**EXERCISE OBJECTIVE**: Your output must reproduce all the records below precisely and contain no pictures.

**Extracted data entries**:
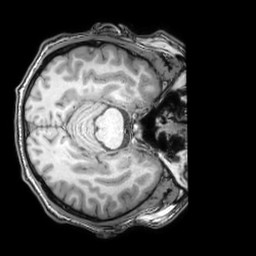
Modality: T1w
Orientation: axial
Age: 25
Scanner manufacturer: philips
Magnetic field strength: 3 T
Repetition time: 0.007 s
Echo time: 0.003501 s
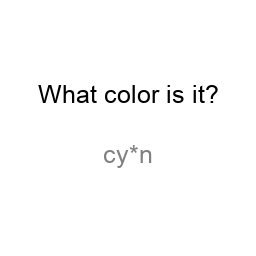
Color: gray
Color name shown: cyan
Background color: white
Question text color: black
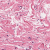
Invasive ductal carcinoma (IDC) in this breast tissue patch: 0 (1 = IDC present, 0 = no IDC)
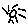
Label: sun
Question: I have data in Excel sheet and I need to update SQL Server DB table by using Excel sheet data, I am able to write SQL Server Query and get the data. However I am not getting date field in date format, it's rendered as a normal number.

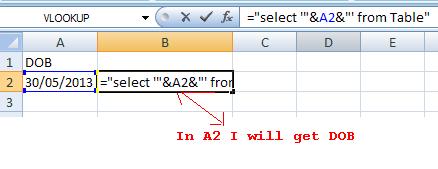
Answer: In cell B2 try this -
'''
="Select " & TEXT(A2,"DD/MM/YYYY")
'''
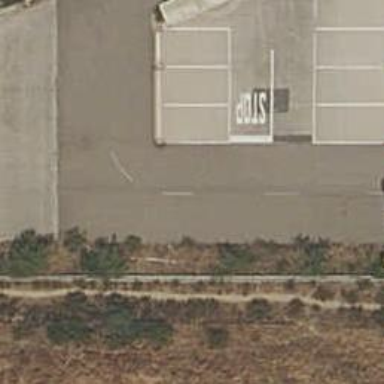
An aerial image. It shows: Road serving as parking aisle.
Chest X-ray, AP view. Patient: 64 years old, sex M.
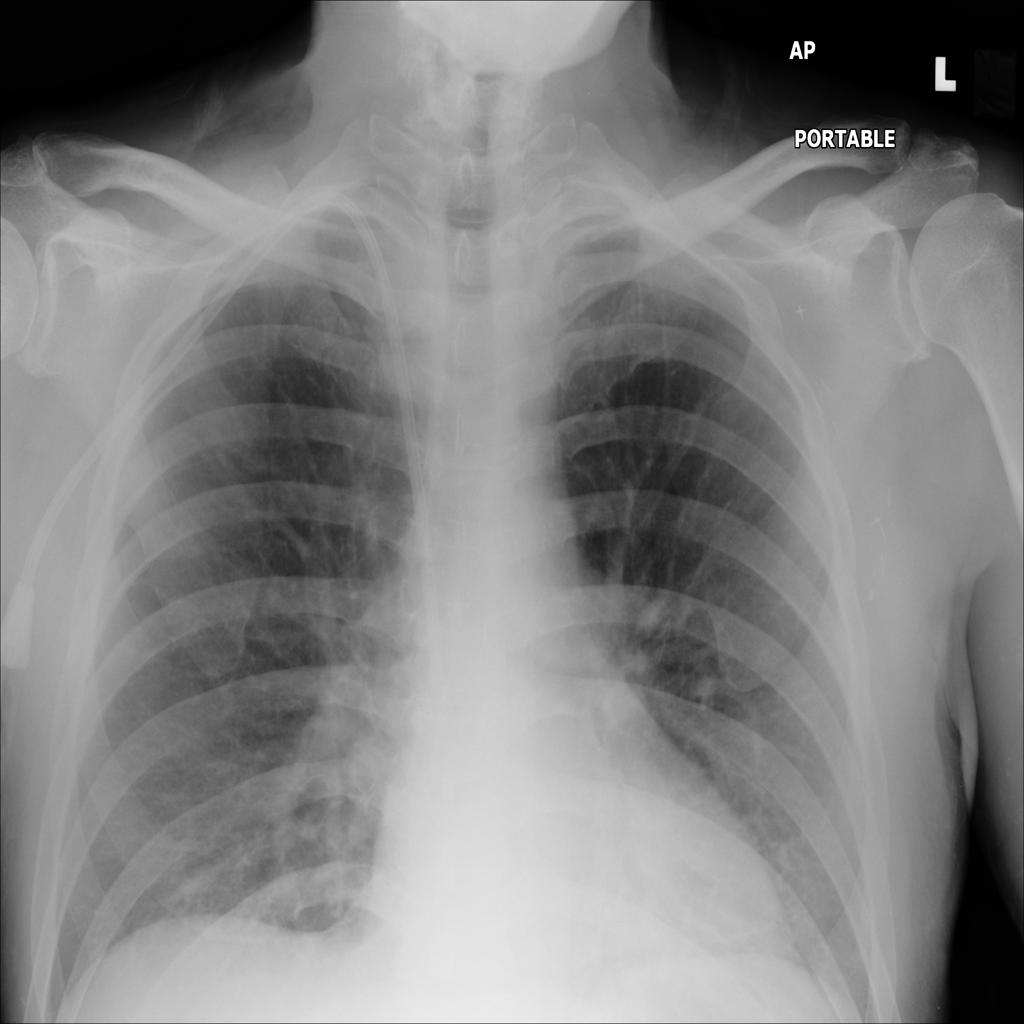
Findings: No Finding
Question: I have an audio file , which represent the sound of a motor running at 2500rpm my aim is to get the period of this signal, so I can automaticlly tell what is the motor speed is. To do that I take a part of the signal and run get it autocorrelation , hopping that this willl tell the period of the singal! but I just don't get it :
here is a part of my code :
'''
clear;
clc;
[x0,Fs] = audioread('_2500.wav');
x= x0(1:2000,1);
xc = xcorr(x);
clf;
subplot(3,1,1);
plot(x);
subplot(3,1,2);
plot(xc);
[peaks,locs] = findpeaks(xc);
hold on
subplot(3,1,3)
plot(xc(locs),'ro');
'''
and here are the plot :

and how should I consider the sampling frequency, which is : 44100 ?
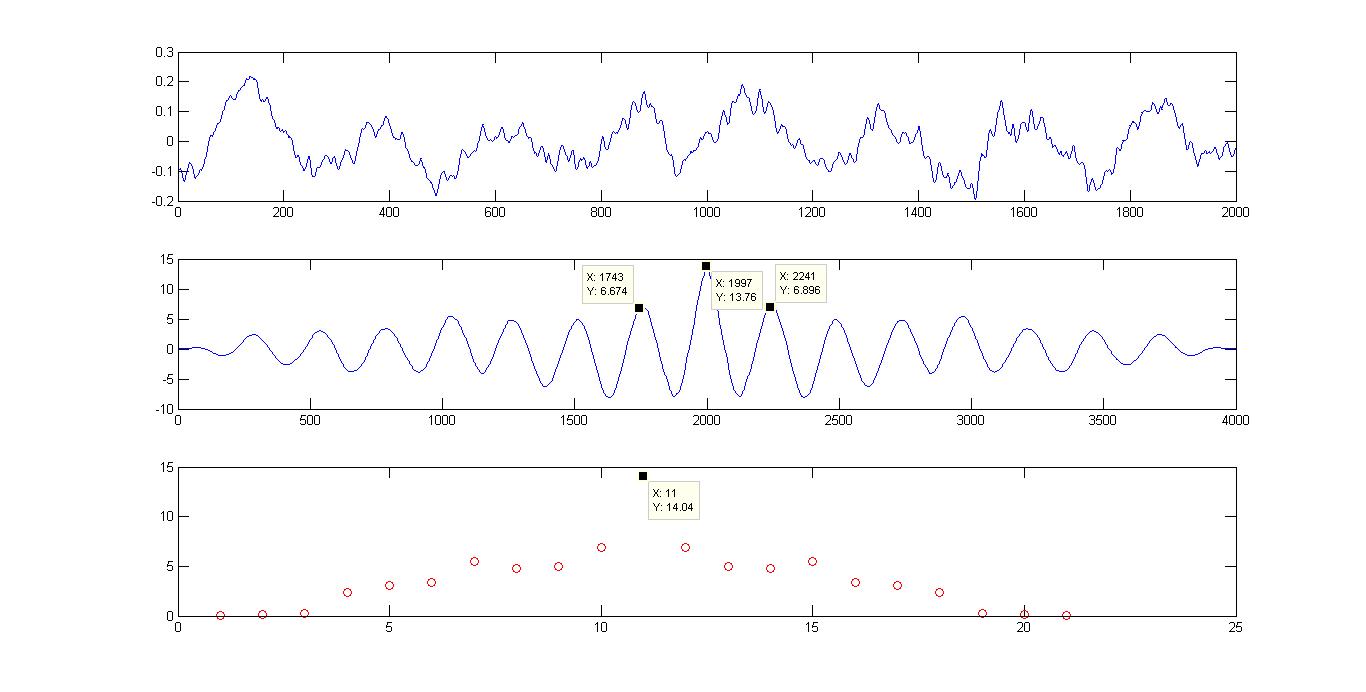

**OUTPUT BELOW**:
Modality: T1w
Orientation: axial
Age: 25
Scanner manufacturer: philips
Magnetic field strength: 3 T
Repetition time: 0.007 s
Echo time: 0.003501 s
Color: gray
Color name shown: cyan
Background color: white
Question text color: black
Invasive ductal carcinoma (IDC) in this breast tissue patch: 0 (1 = IDC present, 0 = no IDC)
Label: sun
Question: I have data in Excel sheet and I need to update SQL Server DB table by using Excel sheet data, I am able to write SQL Server Query and get the data. However I am not getting date field in date format, it's rendered as a normal number.

Answer: In cell B2 try this -
'''
="Select " & TEXT(A2,"DD/MM/YYYY")
'''
An aerial image. It shows: Road serving as parking aisle.
Chest X-ray, AP view. Patient: 64 years old, sex M.
Findings: No Finding
Question: I have an audio file , which represent the sound of a motor running at 2500rpm my aim is to get the period of this signal, so I can automaticlly tell what is the motor speed is. To do that I take a part of the signal and run get it autocorrelation , hopping that this willl tell the period of the singal! but I just don't get it :
here is a part of my code :
'''
clear;
clc;
[x0,Fs] = audioread('_2500.wav');
x= x0(1:2000,1);
xc = xcorr(x);
clf;
subplot(3,1,1);
plot(x);
subplot(3,1,2);
plot(xc);
[peaks,locs] = findpeaks(xc);
hold on
subplot(3,1,3)
plot(xc(locs),'ro');
'''
and here are the plot :

and how should I consider the sampling frequency, which is : 44100 ?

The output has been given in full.